** Entries provided **

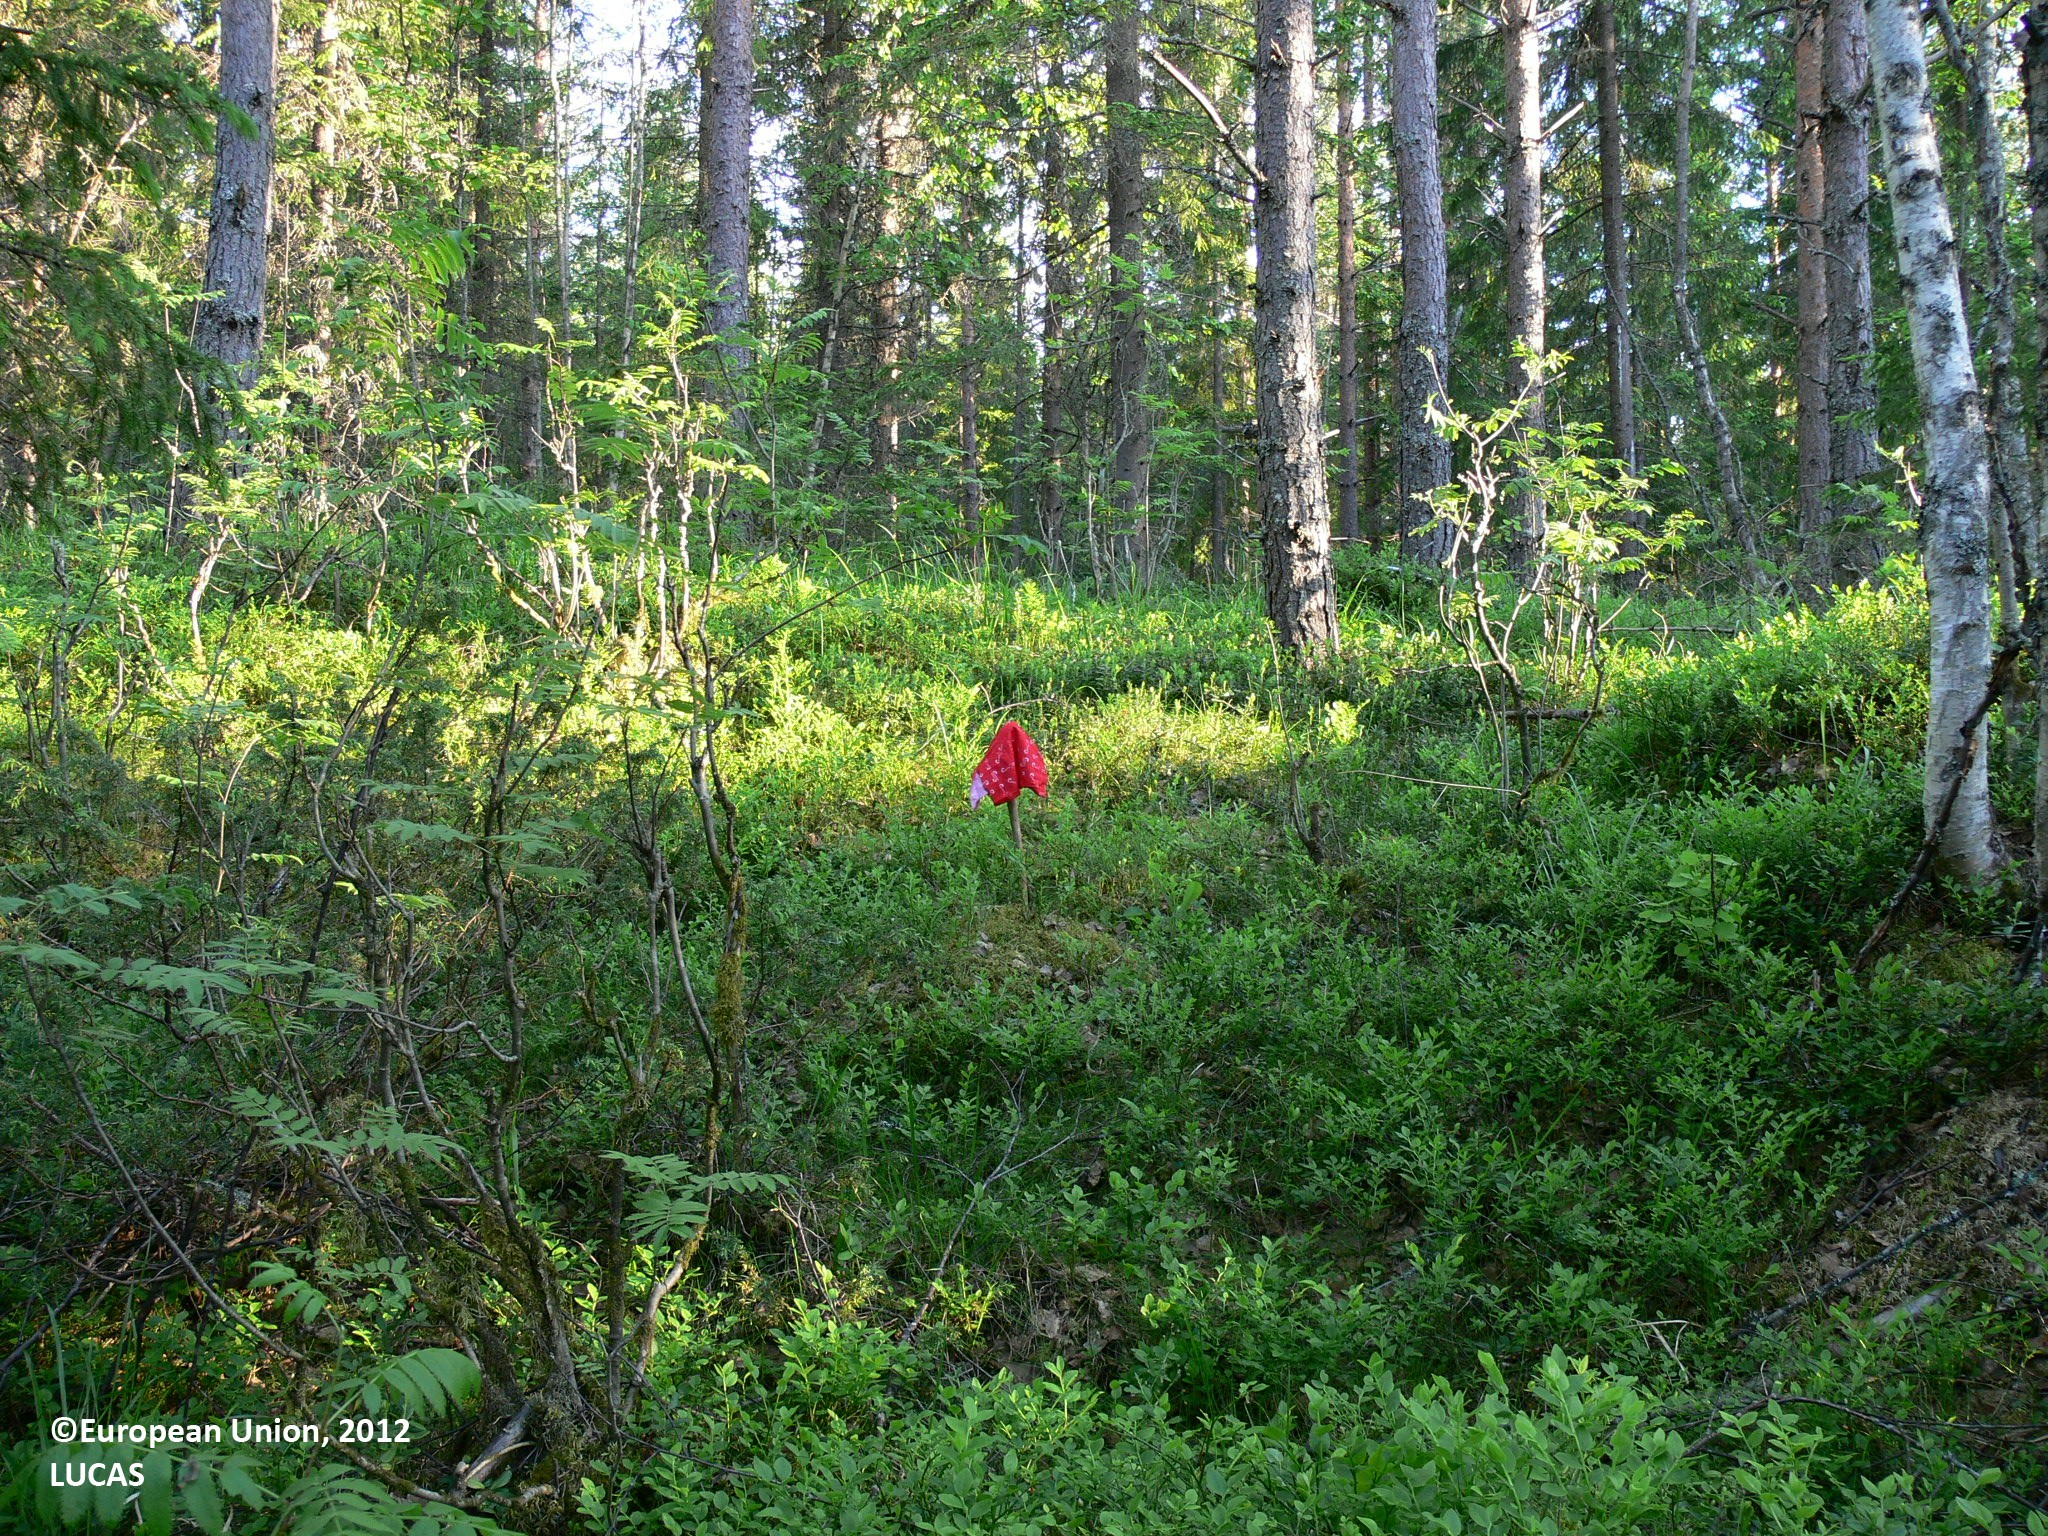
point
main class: Woodland
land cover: Other mixed woodland
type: boreal forest
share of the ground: > 75 %
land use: Forestry
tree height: > 5 m
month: June
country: FI
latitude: 62.2882
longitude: 30.5867

** Directions **
Please make an exact copy of the lines from the one holding "land cover: Other mixed woodland" through the final line of the records above, nothing more.

** Answer to the problem **
land cover: Other mixed woodland
type: boreal forest
share of the ground: > 75 %
land use: Forestry
tree height: > 5 m
month: June
country: FI
latitude: 62.2882
longitude: 30.5867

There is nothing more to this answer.